The first-order sensitivity index and total effect index is given for a sensitivity analysis of 2, 000 runs for 20 parameters. The output function considered is the probability of Campylobacter going extinct within the flock based on the given parameter set.

Specifically, our objective function will run the stochastic model for a flock of chickens with the random parameter set drawn. If this model run results in no Campylobacter being present in the flock, it is considered to have successfully eliminated infection. The model is run 20 times with this parameter set, and the proportion of these 20 runs that results in an elimination of Campylobacter is the final output value, the “probability of flock clearing infection.”

Note that some of the values in Table 2 are negative, despite Si and STi being limited to being between zero and one. This is due to the computational error in estimating the value, however the ordering of parameters for these particular runs will not be affected by this error. Table 2 shows that the STi values associated with most parameters ranges between 0 and 0.1. The “most important” parameters however have a wider spread of associated STi values.

The main result from this analysis is that the growth, death and inhibition rates of the other bacteria present in a broiler's gut (parameters r2, d2, and βC) collectively carry the largest impact in eliminating Campylobacter from a flock. As such, we can begin to consider which preventative methods could best take advantage of this heightened sensitivity.

5. Discussion

Here, we have investigated the dynamics of Campylobacter across a range of model applications. Our framework reveals several key dynamics of microbial interaction that explain many experimentally observed phenomena. This presents promising new approaches to understanding and tackling this bacteria.

First, the most apparent prediction is that the Campylobacter population is successfully suppressed by the innate maternal antibodies (an experimentally observed phenomenon; Connerton et al., 2018), until these antibodies are eventually removed from the system. At this point an initial surge in the population of Campylobacter is observed, before it comes to rest at a lower level, reaching an equilibrium with the broiler's immune-response. This can be seen in all of the above figures, but most clearly in Figure 1. This initial surge creates an interesting opportunity for certain strains of Campylobacter to emerge as an early dominating strain. Figure 5B shows that, due to the antibacterial properties of a broiler's maternal antibodies, any strains that infect a broiler early on in its lifespan will be heavily inhibited. This creates a brief window at the point in which maternal antibodies have depleted, whereby any new strain introduced is observed to quickly colonize and dominate the gut flora, suppressing other strains (see Figure 10C). This hypothesis has been verified experimentally (Connerton et al., 2018).

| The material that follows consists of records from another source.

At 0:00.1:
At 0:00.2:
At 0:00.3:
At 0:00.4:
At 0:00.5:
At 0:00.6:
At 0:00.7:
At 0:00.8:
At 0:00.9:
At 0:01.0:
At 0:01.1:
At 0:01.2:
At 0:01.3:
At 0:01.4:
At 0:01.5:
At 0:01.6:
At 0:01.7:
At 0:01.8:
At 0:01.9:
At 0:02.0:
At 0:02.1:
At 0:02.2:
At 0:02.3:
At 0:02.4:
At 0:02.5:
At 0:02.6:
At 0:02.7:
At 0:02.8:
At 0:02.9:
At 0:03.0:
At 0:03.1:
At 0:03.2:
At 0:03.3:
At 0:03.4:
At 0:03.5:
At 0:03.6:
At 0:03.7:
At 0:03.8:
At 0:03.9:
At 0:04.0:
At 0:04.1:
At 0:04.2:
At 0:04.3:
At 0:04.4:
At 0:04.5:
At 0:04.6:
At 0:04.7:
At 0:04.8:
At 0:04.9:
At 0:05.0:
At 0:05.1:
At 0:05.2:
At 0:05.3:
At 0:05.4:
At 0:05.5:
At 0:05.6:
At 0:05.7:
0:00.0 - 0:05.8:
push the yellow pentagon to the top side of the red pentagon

The proposition of damped oscillations between Campylobacter population size and the host's immune-response is better reinforced by observations that host antibody populations will also oscillate in birds infected with Campylobacter (Cawthraw et al., 1994). This basic interaction has been experimentally observed by Achen et al. (1998), with a high degree of variability between birds. This variability is better captured by the stochastic model, as shown in Figure 6. Indeed, many birds in Achen et al.'s study are shown to clear Campylobacter successfully from their system, a result rarely observed on commercial broiler farms. Likewise this result was only observed in the model case of individual, isolated broilers (see Figure 6D).

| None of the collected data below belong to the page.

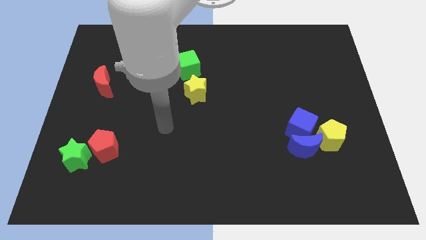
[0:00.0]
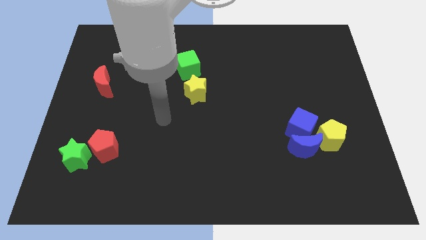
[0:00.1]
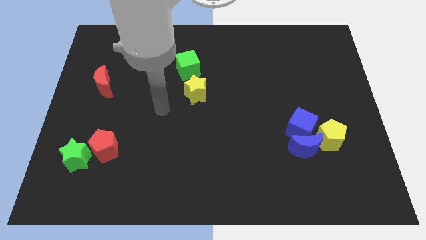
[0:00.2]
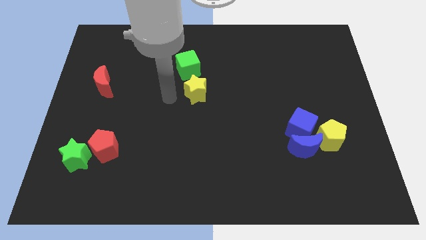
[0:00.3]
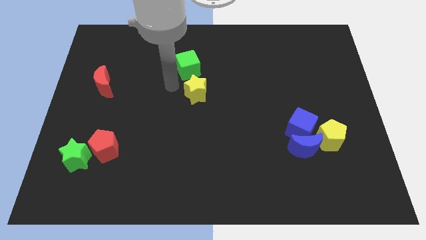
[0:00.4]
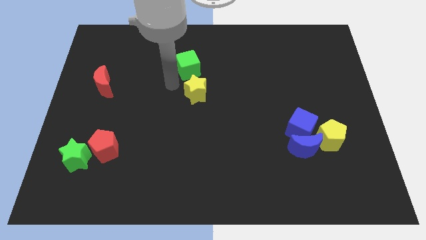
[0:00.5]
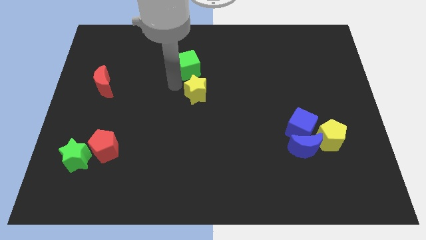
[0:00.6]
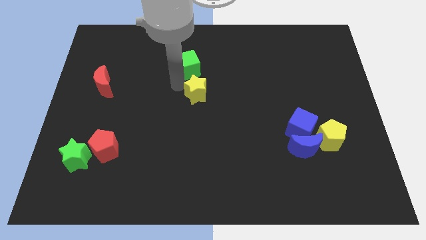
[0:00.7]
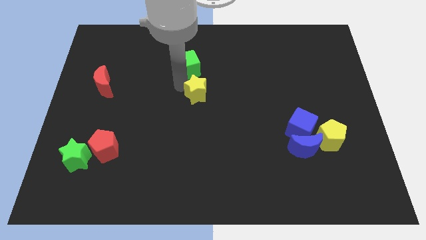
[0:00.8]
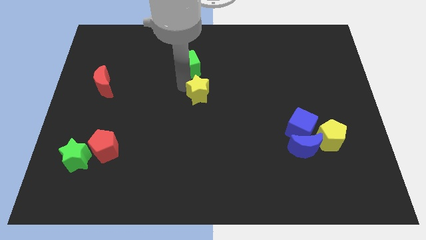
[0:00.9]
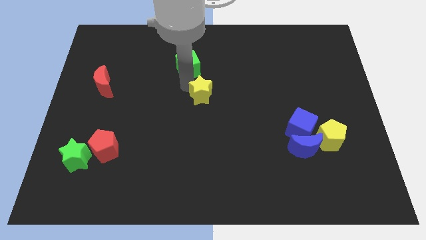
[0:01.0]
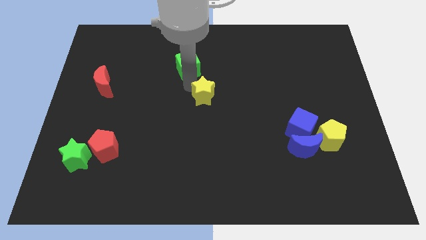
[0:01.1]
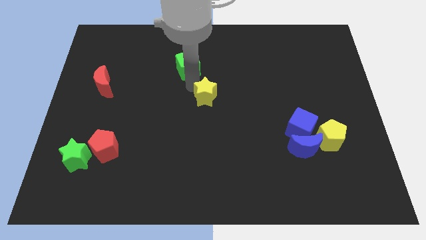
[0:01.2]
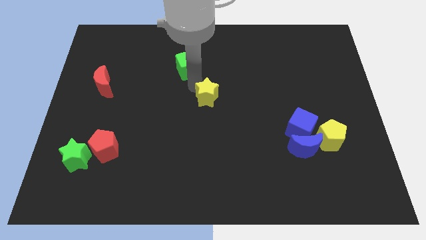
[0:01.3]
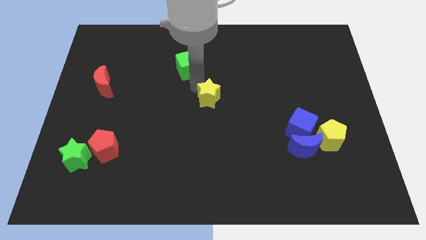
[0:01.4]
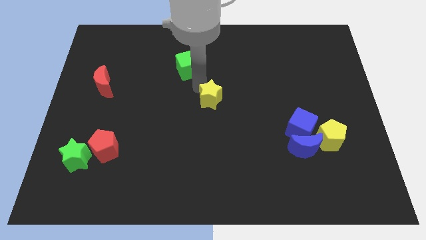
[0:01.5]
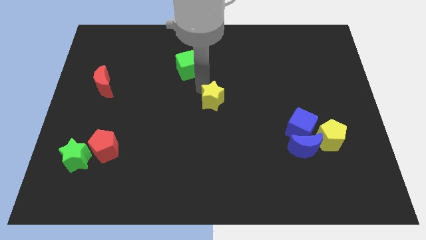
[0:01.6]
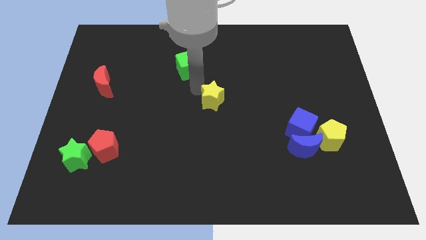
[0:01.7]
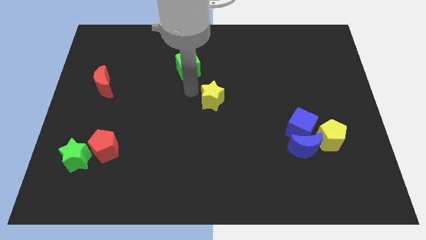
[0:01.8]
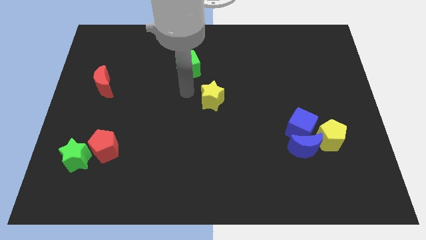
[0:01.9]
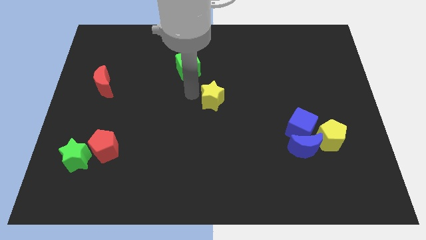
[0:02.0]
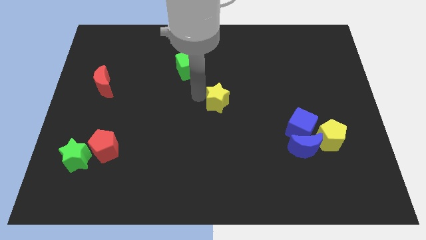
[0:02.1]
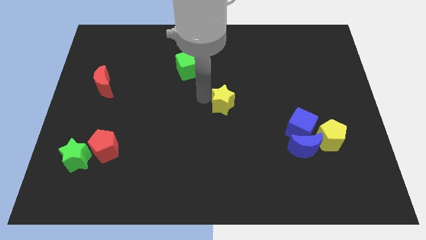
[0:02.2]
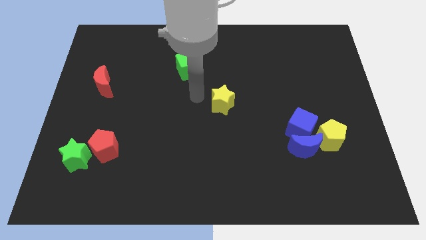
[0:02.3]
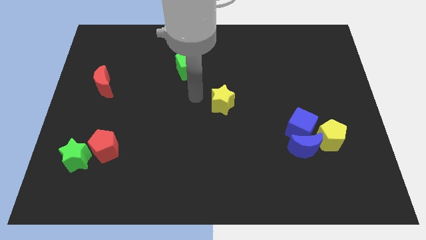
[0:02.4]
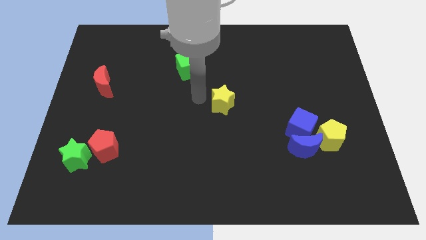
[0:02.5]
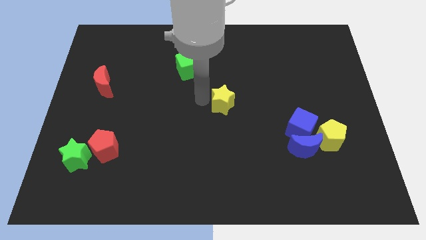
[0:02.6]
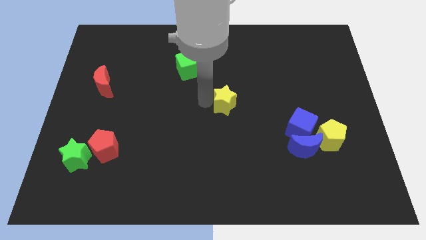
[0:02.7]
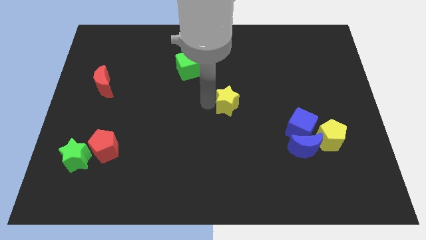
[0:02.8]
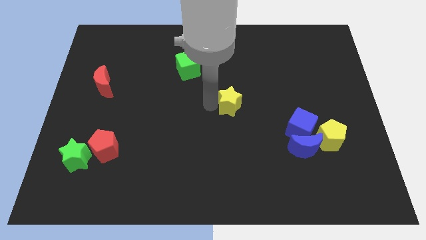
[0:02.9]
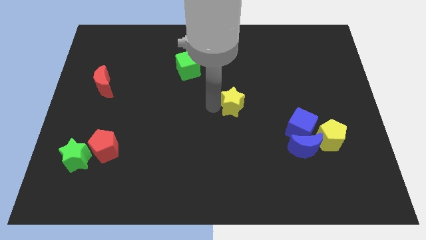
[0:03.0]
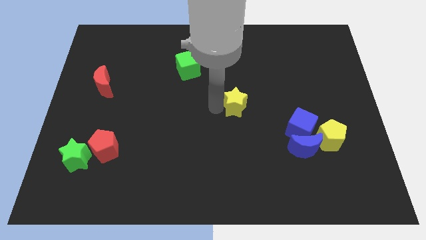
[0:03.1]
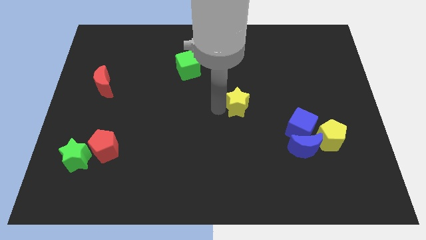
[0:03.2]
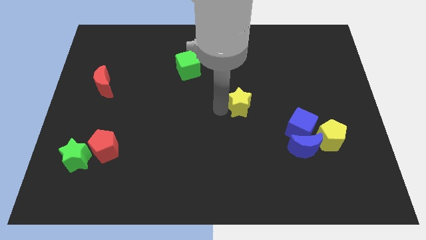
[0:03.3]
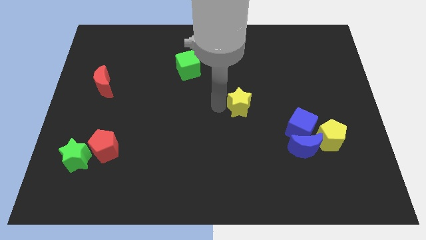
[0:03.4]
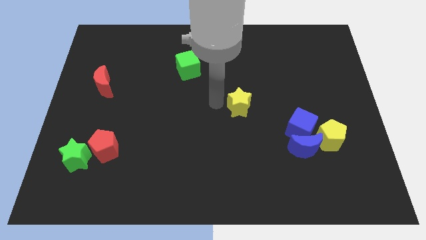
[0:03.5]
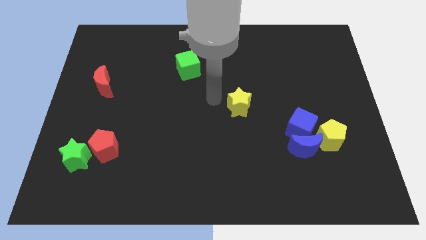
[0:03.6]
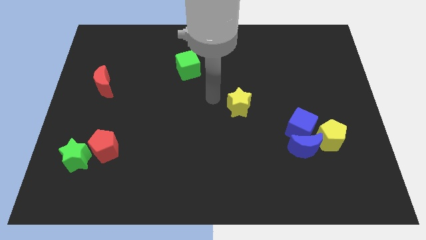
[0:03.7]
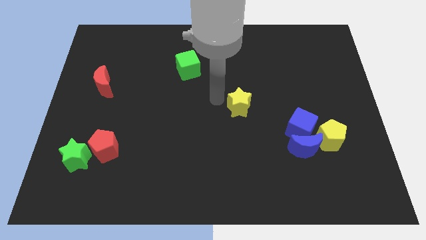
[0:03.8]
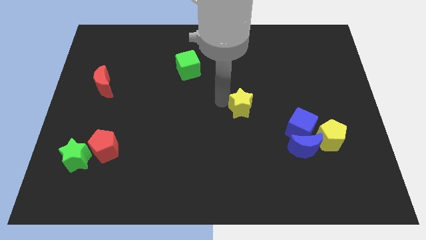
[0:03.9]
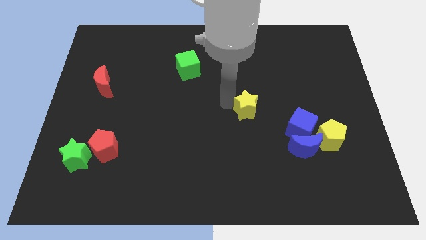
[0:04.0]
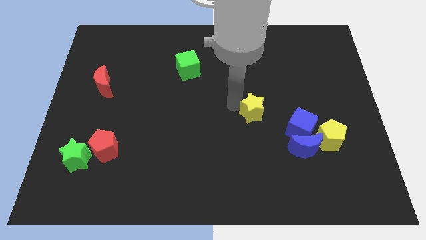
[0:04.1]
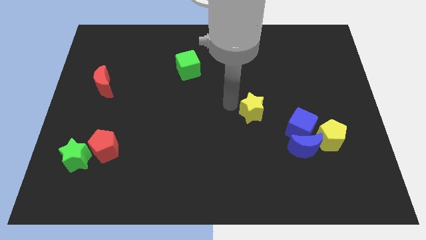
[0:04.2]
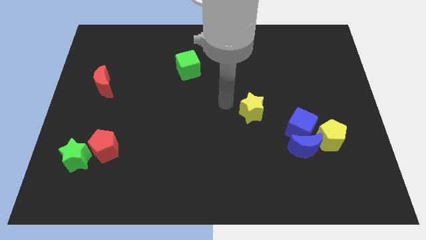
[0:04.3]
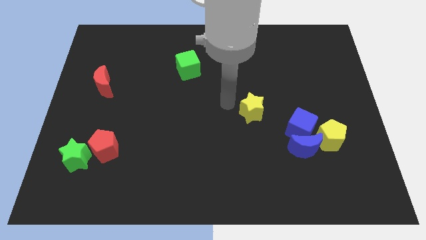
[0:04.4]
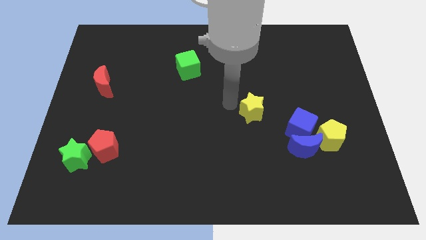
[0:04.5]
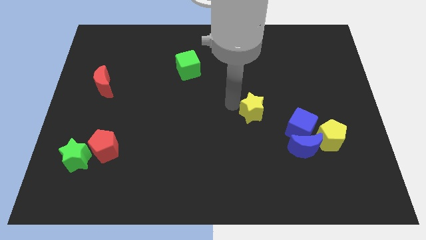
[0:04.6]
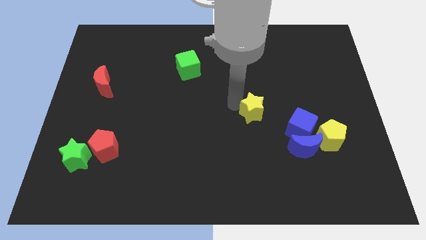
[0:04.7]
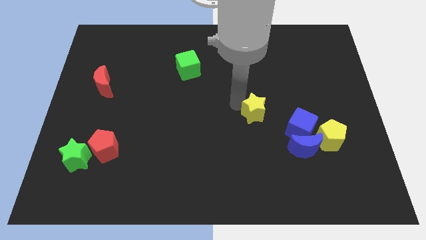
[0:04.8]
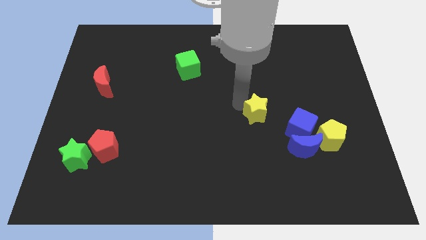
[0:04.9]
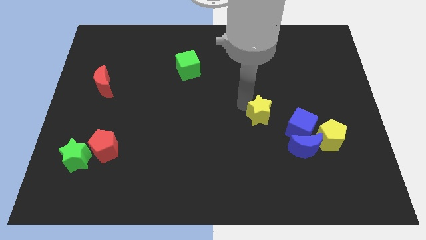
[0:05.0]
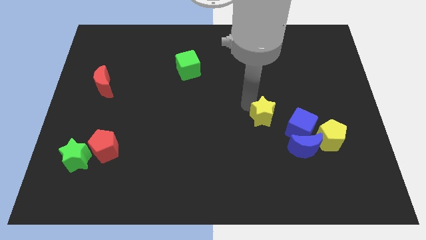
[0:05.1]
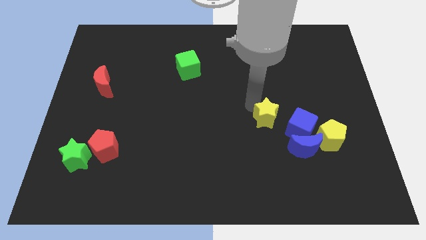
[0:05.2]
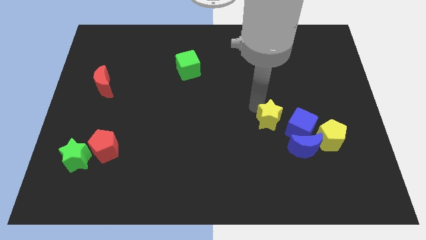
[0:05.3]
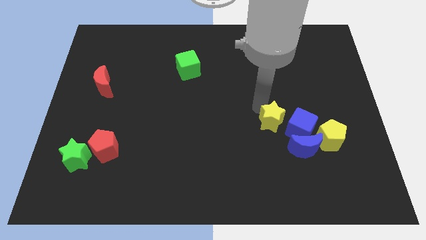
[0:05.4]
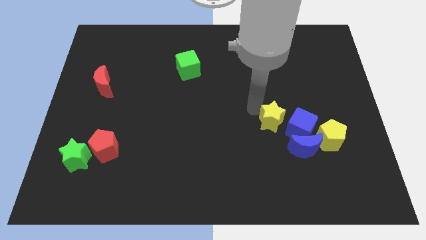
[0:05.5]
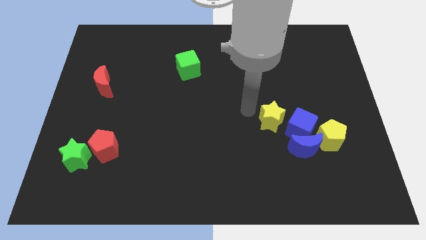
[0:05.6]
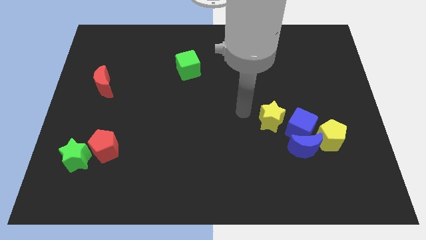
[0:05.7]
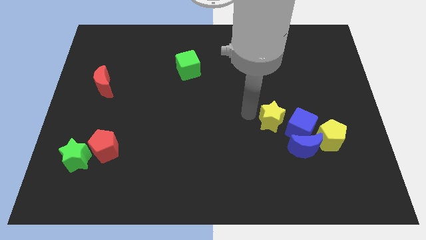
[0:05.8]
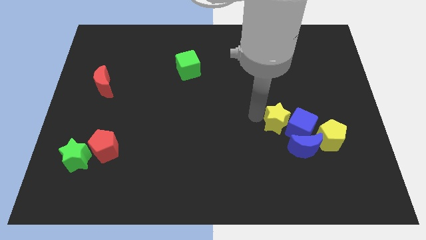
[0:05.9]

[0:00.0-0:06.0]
push the yellow star close to the blue cube

Most important is the mechanism observed in Figure 7, where the broad spectrum of oscillatory behavior observed within a broiler is greatly reduced in a large flock of birds. Indeed the vast examples of individual dynamics observed in Figure 6, large oscillations and perhaps extinctions, are completely replaced by the same, homogenized dynamics seen within flock-reared birds in Figures 7A,B, as the populations of Campylobacter within each bird are consistently reinforced by the amount of Campylobacter in the environment. The wealth of experiments in monitoring flock Campylobacter expression for varying flock sizes means this effect can be observed taking place across multiple experiments of different flock magnitudes and densities. Morishita et al. (1997) measured the amount of Campylobacter in a flock of thirty birds in a sizeable pen. This flock was small enough to observe oscillating behavior in the prevalence of Campylobacter, and yet there do not appear to be any clear cases of birds being able to clear the bacteria from their system. Stern N.J. et al. (2001) experimented with flocks of 70 birds at a density of 15.4 birds/m2. A small cyclic pattern is observable in their results but there are clearly far higher incidence rates. Lastly, Van Gerwe et al. (2005) studied flocks of 400 birds housed at 20 birds/m2 (the same density considered in the above flock modeling), where now no cyclic patterns can be observed, and all birds quickly reach a constant state of Campylobacter expression. This effect is seen in Figure 7, and almost always observed in commercial farms (Stern et al., 1995; Evans and Sayers, 2000). Our work presented here is the first, to our knowledge, to be able to propose a mechanistic explanation for this observed effect, namely that the housing density of reared flocks is correlated to Campylobacter prevalence.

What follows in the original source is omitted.